Why is the Ray scheduler showing this behaviour in my computation?

How severe does this issue affect your experience of using Ray?

  • High: It blocks me to complete my task: I’m attempting to understand how the scheduler works, so that I can use it for a heavy operational use case where pedictability and stability is essential.

Summary

While running some tests where a Ray cluster reads a set of data from a custom datasource (implemented using ray.data.Datasource), the scheduler is showing some behaviour that’s unexpected to me. I’m trying to understand what’s going on here so I can move on to use this in a production setting with a strong level of confidence on what’s going on.

What does the computation look like?

@ray.remote
def execute_my_test(
    block_msg_count: int,
    blocks_per_window: int,
) -> int:
    # MyCustomDatasource will return a Dataset with a number of blocks determined by block_size, which represents the number of records per block. 
    # Each Block is created by a ReadTask that will read block_size number of records from my datasource 
    return (
        ray.data.read_datasource(
            datasource=MyCustomDatasource(),
            block_size=block_msg_count,
        )
        .window(blocks_per_window=blocks_per_window)
        .count()
    )

object_ref = ray.get(
    execute_my_test.remote(
        block_msg_count=8000,
        blocks_per_window=192,
    )
)

What does the cluster look like?

  • 32 worker nodes
  • 3 CPUs per node assigned to Ray
  • 6 GB of memory per node assigned to ray
  • No num_cpus have explicitly been set on any .remote() calls, so I’m expecting task parallelism to fall back to Ray’s auto-detection based on the number of available CPUs described in the source.
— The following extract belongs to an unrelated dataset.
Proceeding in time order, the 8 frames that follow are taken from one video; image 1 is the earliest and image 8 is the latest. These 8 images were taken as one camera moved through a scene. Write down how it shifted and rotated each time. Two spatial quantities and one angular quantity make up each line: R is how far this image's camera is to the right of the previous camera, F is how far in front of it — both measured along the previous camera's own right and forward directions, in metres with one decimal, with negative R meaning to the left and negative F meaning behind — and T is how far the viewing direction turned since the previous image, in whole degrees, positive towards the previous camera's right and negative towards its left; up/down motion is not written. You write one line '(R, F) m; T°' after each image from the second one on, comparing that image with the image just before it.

Which would be 96?
  • The Datasource returns a dataset that uses a Block format based on a list of Python dicts.

What is the unexpected behaviour?

1. Computation runs out of memory way sooner than I’d expect.
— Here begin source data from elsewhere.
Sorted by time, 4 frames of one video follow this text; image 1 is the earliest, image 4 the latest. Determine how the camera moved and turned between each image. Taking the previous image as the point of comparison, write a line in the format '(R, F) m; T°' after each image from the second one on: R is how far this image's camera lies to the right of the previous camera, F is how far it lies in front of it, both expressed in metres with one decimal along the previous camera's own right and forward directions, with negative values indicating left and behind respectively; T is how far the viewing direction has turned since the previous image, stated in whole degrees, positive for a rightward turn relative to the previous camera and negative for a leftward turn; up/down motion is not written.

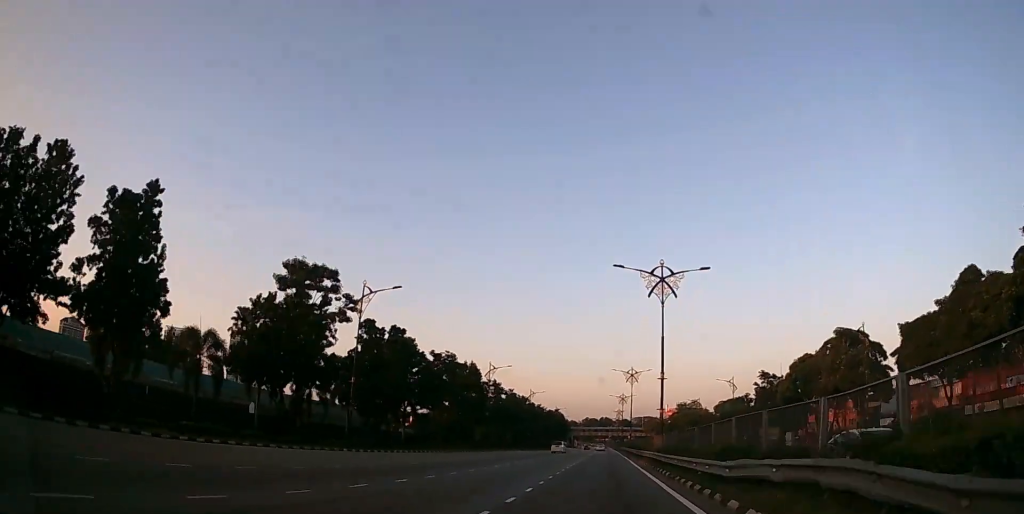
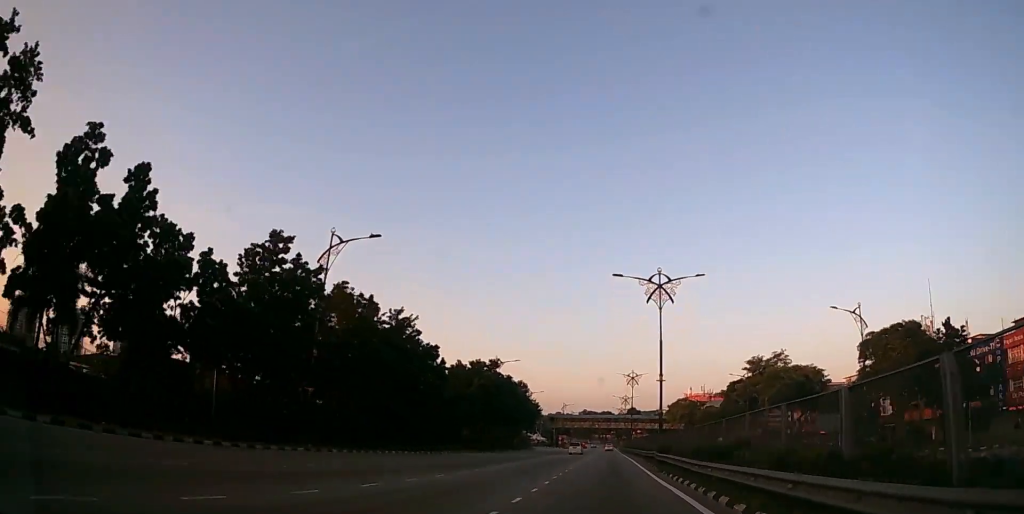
(-0.2, +88.4) m; 0°
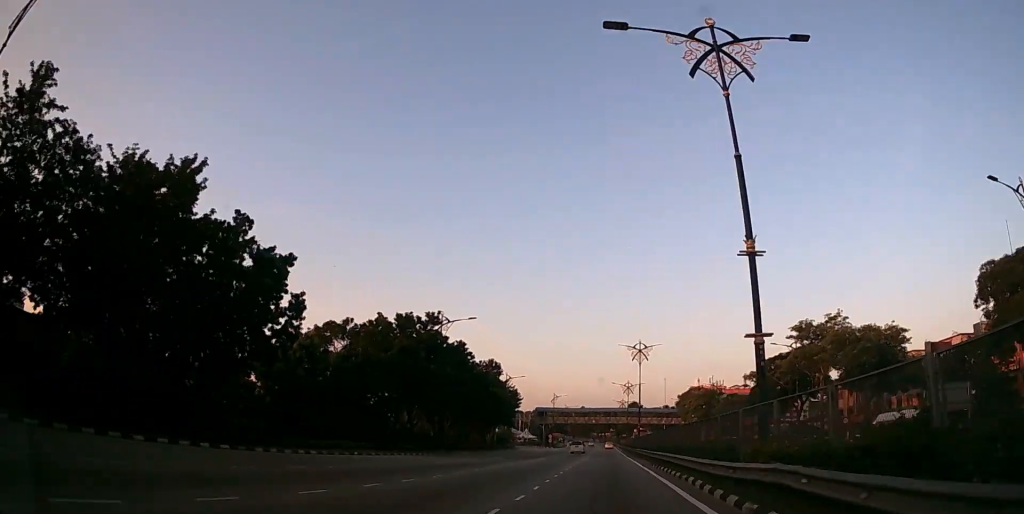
(0.0, +24.9) m; 0°
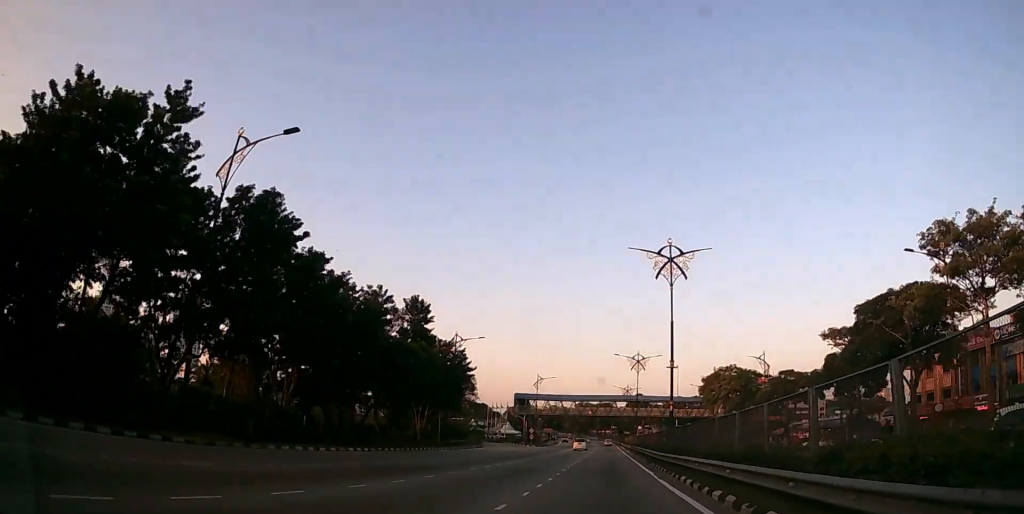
(-0.1, +32.0) m; 0°

With an average record size of 5Kb per record, I’d expect to be able to fit up to 512.000 records in a block:

  • 5Kb X 512.0000 = 2.500 MB per block.
  • 3 concurrent tasks per worker X 2.500 MB per block = Up to 7.500 MB of memory usage per worker

Since 7.500 MB > 6.000 MB available heap space, the computation should go out of memory.

What I see is that my computation already hits that OOM limit at 64.000 records per block:

  • 5Kb X 64.000 = ~300 MB per block
  • 3 concurrent tasks per worker X 300 MB per block = Up to 900 MB of memory usage per worker

Which is totally unexpected because that cap of 900 MB memory usage is way lower than the 6GB of available memory per worker. Now, using ray memory I can tell that Ray is in fact attempting to use more than 6GB of worker memory.

2. Computation speeds up, even when it’s assigned more blocks per window than the cluster has CPUs available

Since my cluster has a fixed number of 96 CPUs (32 x 3 cpus per worker) I’d expect Ray to effectively be able to run 96 tasks in parallel. So I notice a speed-up when increasing the blocks_per_window argument to 96.

What’s unexpected though is that the computation actually continues speeding up when blocks_per_window is increased way past the number of available cpus in the cluster, up until about 512 blocks_per_window.

Conclusion

Both of those behaviours lead me to believe that Ray is running way more tasks (on Blocks) in parallel than the 96 concurrent tasks I’m thinking it’s running. What’s going on here? My goal is to figure out how the scheduler decides on Task parallelism so that I can run my computations with a certain level of robustness in production.